Here is an example prompt:

You are an extractive question answerer. 
Answer the question from the context, only extracting sections from the text. 
Make sure to answer ONLY with passage sections. 
If the answer is not relevant, answer with the 
last word from the context: ANSWERNOTFOUND

Here are some examples:

---
Question:...
Context:...
Answer:...
---

As you can see, for my (minimally) human engineered prompt, ChatGPT is able to answer correctly when the context is not relevant to the question. Note: I had to hardcode this information apriori, as ChatGPT tended not to incorporate ANSWERNOTFOUND.

Setting Up DSPy

Now let’s setup DSPy for automated prompt engineering of the same task. First, DSPy enables a standard base pipeline for generating the answer based on boilder plate question, context, answer templates.

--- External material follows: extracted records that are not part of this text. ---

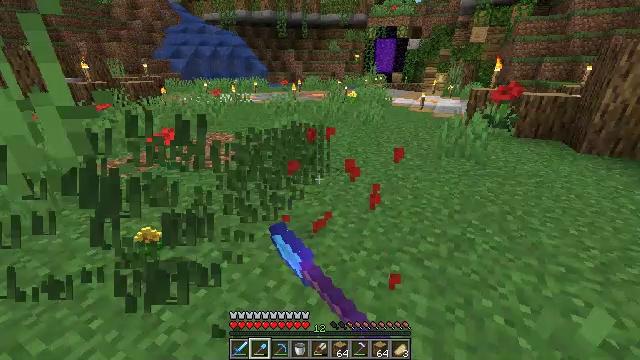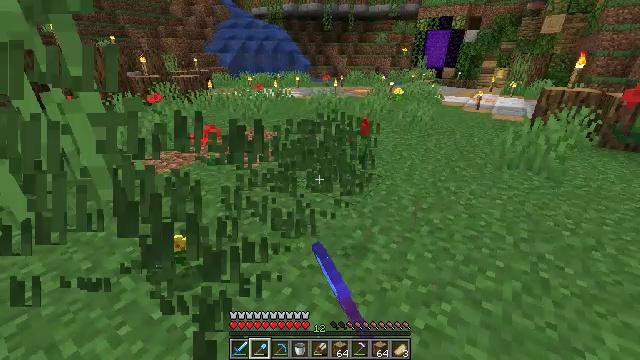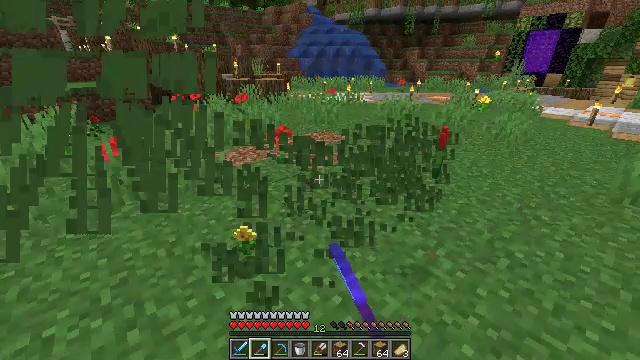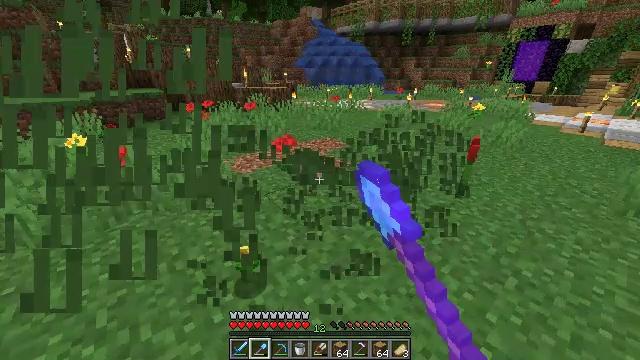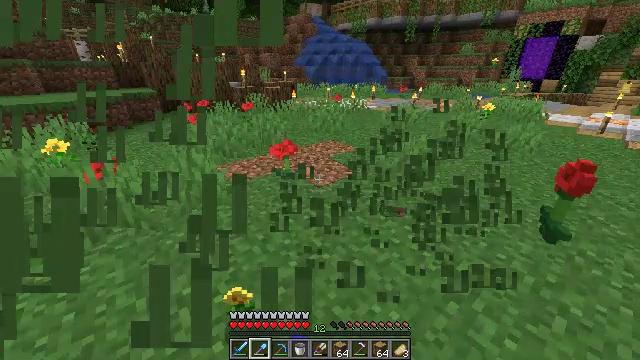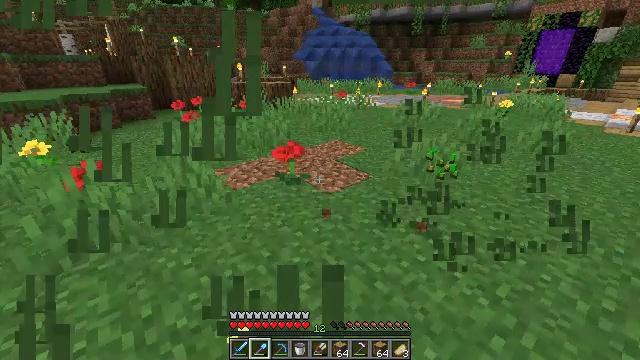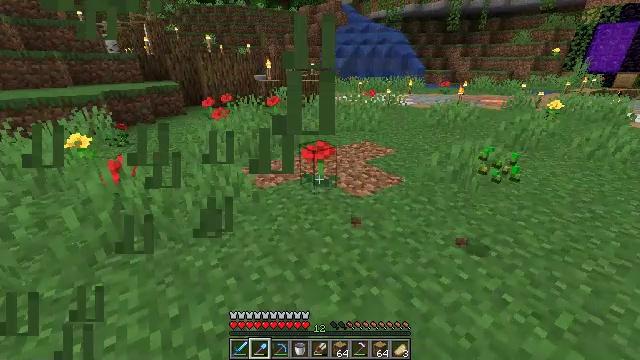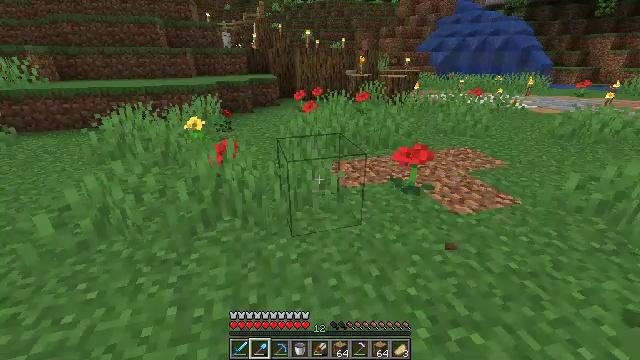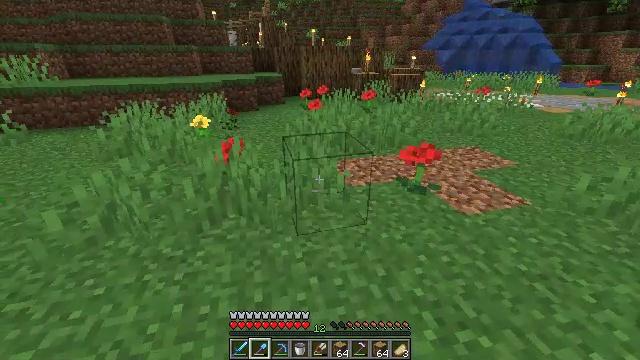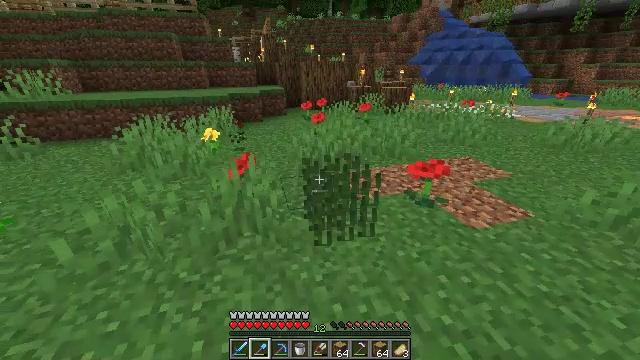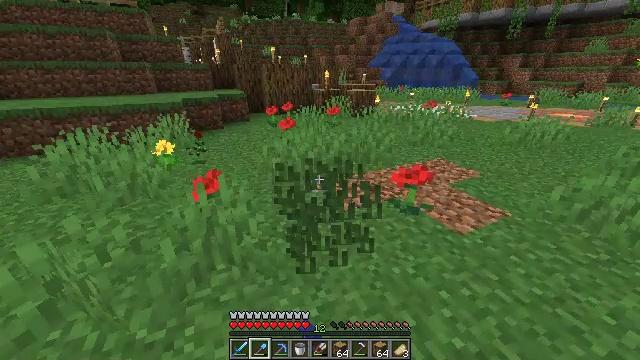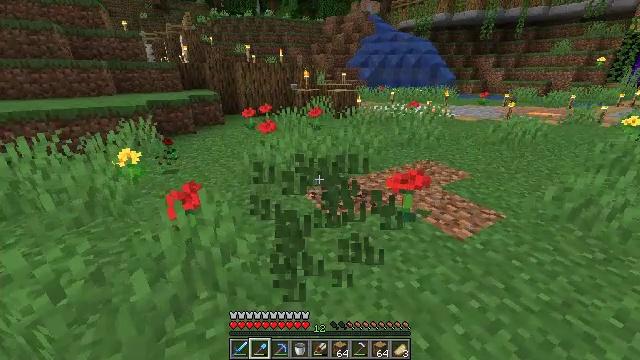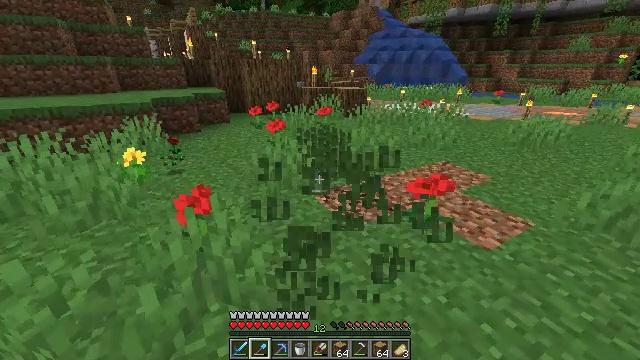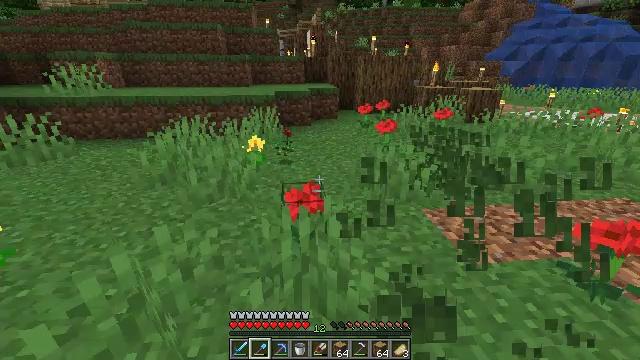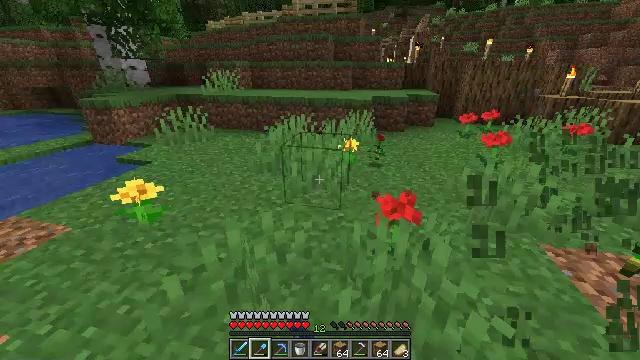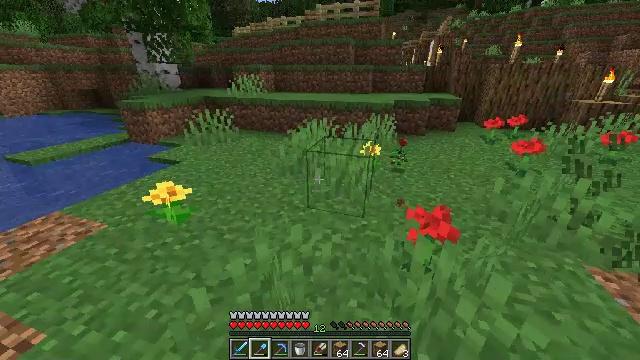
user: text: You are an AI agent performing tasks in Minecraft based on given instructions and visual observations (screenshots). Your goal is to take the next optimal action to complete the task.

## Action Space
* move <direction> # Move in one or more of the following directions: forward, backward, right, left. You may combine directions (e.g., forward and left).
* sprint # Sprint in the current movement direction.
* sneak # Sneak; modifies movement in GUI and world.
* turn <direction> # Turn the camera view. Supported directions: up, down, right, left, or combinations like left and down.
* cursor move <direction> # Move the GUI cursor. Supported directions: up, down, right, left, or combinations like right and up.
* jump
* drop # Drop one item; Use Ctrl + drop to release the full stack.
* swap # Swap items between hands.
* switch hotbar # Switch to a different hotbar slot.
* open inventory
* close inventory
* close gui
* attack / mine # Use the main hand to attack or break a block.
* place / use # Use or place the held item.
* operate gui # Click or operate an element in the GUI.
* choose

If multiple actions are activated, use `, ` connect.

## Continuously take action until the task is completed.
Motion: motion action
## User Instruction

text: Clear the ground by mining grass.
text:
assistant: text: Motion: move forward, turn left, attack / mine
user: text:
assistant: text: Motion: move forward, turn left, attack / mine
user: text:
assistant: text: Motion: move forward
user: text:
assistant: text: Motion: move forward and move left
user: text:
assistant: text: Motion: move forward and move left
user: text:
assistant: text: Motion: move forward and move left, turn left
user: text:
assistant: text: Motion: move forward and move left, turn left
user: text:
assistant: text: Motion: move forward and move left, turn left
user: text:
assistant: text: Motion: move forward and move left, turn right, attack / mine
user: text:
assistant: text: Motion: move forward and move left, turn right and up, attack / mine
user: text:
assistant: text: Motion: move forward and move left, turn right, attack / mine
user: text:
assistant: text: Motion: move forward and move left, turn left, attack / mine
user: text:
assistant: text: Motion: move forward and move left, turn left, attack / mine
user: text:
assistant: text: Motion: move forward and move left, turn left
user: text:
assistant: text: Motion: move forward and move left, turn left
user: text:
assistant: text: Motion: move forward and move left
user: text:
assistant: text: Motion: move forward and move left, turn right, attack / mine
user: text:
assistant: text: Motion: move forward and move left, turn right, attack / mine
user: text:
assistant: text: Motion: move forward, turn right, attack / mine
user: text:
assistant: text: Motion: move forward, turn right
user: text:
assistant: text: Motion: move forward, turn right
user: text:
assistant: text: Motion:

class BasicQA(dspy.Signature):
    """Answer questions with short factoid answers."""

    question = dspy.InputField()
    answer = dspy.OutputField(desc="often between 1 and 5 words")

# Define the predictor.
generate_answer = dspy.Predict(BasicQA)

# Call the predictor on a particular input.
pred = generate_answer(question=dev_example.question,context = dev_example.context)

# Print the input and the prediction.
print(f"Question: {dev_example.question}")
print(f"Predicted Answer: {pred.answer}")

Question: Does this one good?
Predicted Answer: Need more context.

You can also inspect the history — and see the prompt, and answer:

turbo.inspect_history(n=1)

Answer questions with short factoid answers.

---

Follow the following format.

Question: ${question}
Answer: often between 1 and 5 words

---

Question: Does this one good?
Answer: Need more context.

You can also add a chain of thought component as here:

# Define the predictor. Notice we're just changing the class. The signature BasicQA is unchanged.
generate_answer_with_chain_of_thought = dspy.ChainOfThought(BasicQA)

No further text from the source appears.